On a completely different note: Catching Lobsters. To tell you the truth, I am not much of a lobster coinsure, I can take them or leave them however Kyle and Carolina LOVE them. This means that we go lobster fishing every now and again.


There are several methods of catching lobsters. One, you dive during the day and look for their antenna sticking out of rocks, you then dive down and spear them in the face with a pole spear, drag them out and put them in a dingy.  There are a few problems with this method. Firstly, they really do not want to be found and tend to hide really well during the day. Tim and I have dove on reefs for hours and never saw any signs that there were lobsters there.
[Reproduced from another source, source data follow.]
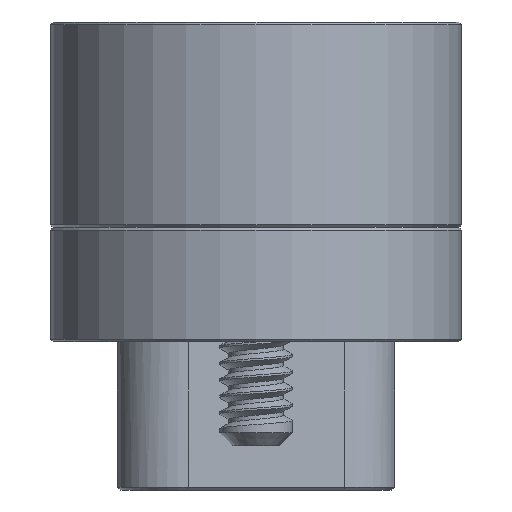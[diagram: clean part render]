
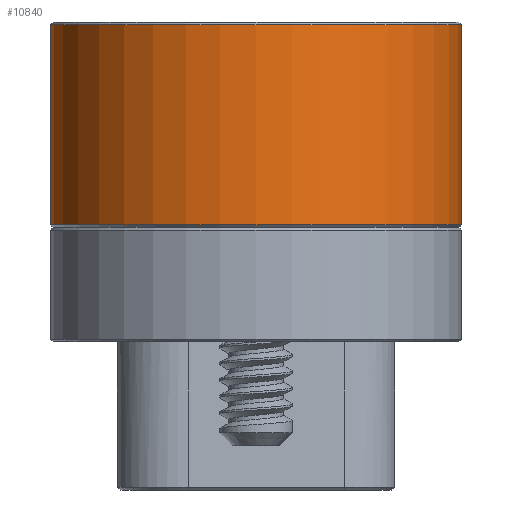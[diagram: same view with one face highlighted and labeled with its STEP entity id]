
A CAD part, left-side view. The second image highlights one B-rep face of the part: STEP entity #10840.
In plain terms, the highlighted cylindrical face has radius 7.9 mm (diameter 15.8 mm), a partial arc.
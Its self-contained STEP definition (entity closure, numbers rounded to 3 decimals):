
#415 = AXIS2_PLACEMENT_3D ( 'NONE', #9928, #2292, #13602 ) ;
#1806 = EDGE_CURVE ( 'NONE', #22616, #13063, #23550, .T. ) ;
#2065 = ORIENTED_EDGE ( 'NONE', *, *, #1806, .T. ) ;
#2292 = DIRECTION ( 'NONE',  ( 0., 0., 1. ) ) ;
#2404 = VERTEX_POINT ( 'NONE', #10412 ) ;
#2599 = CARTESIAN_POINT ( 'NONE',  ( -26.1, 7.9, -7.9 ) ) ;
#3017 = EDGE_LOOP ( 'NONE', ( #21750, #20526, #2065, #22540 ) ) ;
#3018 = EDGE_CURVE ( 'NONE', #13063, #10061, #14379, .T. ) ;
#6970 = CARTESIAN_POINT ( 'NONE',  ( -26.1, -7.9, -7.9 ) ) ;
#6973 = CARTESIAN_POINT ( 'NONE',  ( -26.1, -7.9, -7.8 ) ) ;
#7702 = CARTESIAN_POINT ( 'NONE',  ( -26.1, 0., -7.8 ) ) ;
#8260 = AXIS2_PLACEMENT_3D ( 'NONE', #7702, #11744, #18394 ) ;
#8672 = EDGE_CURVE ( 'NONE', #2404, #10061, #21882, .T. ) ;
#9436 = VECTOR ( 'NONE', #10228, 1000. ) ;
#9928 = CARTESIAN_POINT ( 'NONE',  ( -26.1, 0., -7.9 ) ) ;
#10061 = VERTEX_POINT ( 'NONE', #16150 ) ;
#10228 = DIRECTION ( 'NONE',  ( 0., 0., 1. ) ) ;
#10276 = CARTESIAN_POINT ( 'NONE',  ( -26.1, -7.9, -0.1 ) ) ;
#10412 = CARTESIAN_POINT ( 'NONE',  ( -26.1, 7.9, -7.8 ) ) ;
#10445 = VECTOR ( 'NONE', #10668, 1000. ) ;
#10668 = DIRECTION ( 'NONE',  ( 0., 0., 1. ) ) ;
#10840 = ADVANCED_FACE ( 'NONE', ( #11642 ), #17282, .T. ) ;
#11249 = AXIS2_PLACEMENT_3D ( 'NONE', #21292, #18966, #23127 ) ;
#11642 = FACE_OUTER_BOUND ( 'NONE', #3017, .T. ) ;
#11744 = DIRECTION ( 'NONE',  ( 0., 0., 1. ) ) ;
#13063 = VERTEX_POINT ( 'NONE', #10276 ) ;
#13602 = DIRECTION ( 'NONE',  ( 1., 0., 0. ) ) ;
#14379 = CIRCLE ( 'NONE', #11249, 7.9 ) ;
#16150 = CARTESIAN_POINT ( 'NONE',  ( -26.1, 7.9, -0.1 ) ) ;
#17282 = CYLINDRICAL_SURFACE ( 'NONE', #415, 7.9 ) ;
#17399 = EDGE_CURVE ( 'NONE', #2404, #22616, #21191, .T. ) ;
#18394 = DIRECTION ( 'NONE',  ( 1., 0., 0. ) ) ;
#18966 = DIRECTION ( 'NONE',  ( 0., 0., -1. ) ) ;
#20526 = ORIENTED_EDGE ( 'NONE', *, *, #17399, .T. ) ;
#21191 = CIRCLE ( 'NONE', #8260, 7.9 ) ;
#21292 = CARTESIAN_POINT ( 'NONE',  ( -26.1, 0., -0.1 ) ) ;
#21750 = ORIENTED_EDGE ( 'NONE', *, *, #8672, .F. ) ;
#21882 = LINE ( 'NONE', #2599, #9436 ) ;
#22540 = ORIENTED_EDGE ( 'NONE', *, *, #3018, .T. ) ;
#22616 = VERTEX_POINT ( 'NONE', #6973 ) ;
#23127 = DIRECTION ( 'NONE',  ( 1., 0., 0. ) ) ;
#23550 = LINE ( 'NONE', #6970, #10445 ) ;

At night on a full moon, just before the moon rises however, they do come out a bit more and are easier to spot.

Secondly, when you stab a lobster in the face it’s pretty much game over for them and it is difficult to tell the sex before you stab them. Also, during the stabbing process the lobsters have a bit of a freak out (understandable) make a lot of noise and flop around violently. Freaking out, making noise and flopping around are the top three items on any shark’s ToDo list. In other words, spearing lobsters attracts sharks.

So, what Tim and I do is dive a night with flashlights. Search around for them clinging to walls or moving from den to den (they are surprisingly hard to see and are camouflaged very well) then you sort of gently swim up and try not to disturb the water around their antenna. If you do, they are gone. Right now. Amazingly super-fast. If you touch their antenna? Gone. It is quite a sight to see how fast they go from zero to out of grasp to out of your view.

We dive, locate and grab them. (The big ones take two hands to grab, and you seriously have to use your feet to pull them off the rock after you grab them.) After we have them secure in our hands, we straighten the tail to see if it is a male or female. Females we let go, males, well, sometimes it’s hard to be male. Bring them to the surface and put them in the dingy. Typically, 2 divers down and one person in the dingy floating along close to the rocks.

Oh, yes. And wear gloves, thick gloves. Those prehistoric spiney spear defenses they have are certainly painful……even with gloves if you grab them the wrong way!!!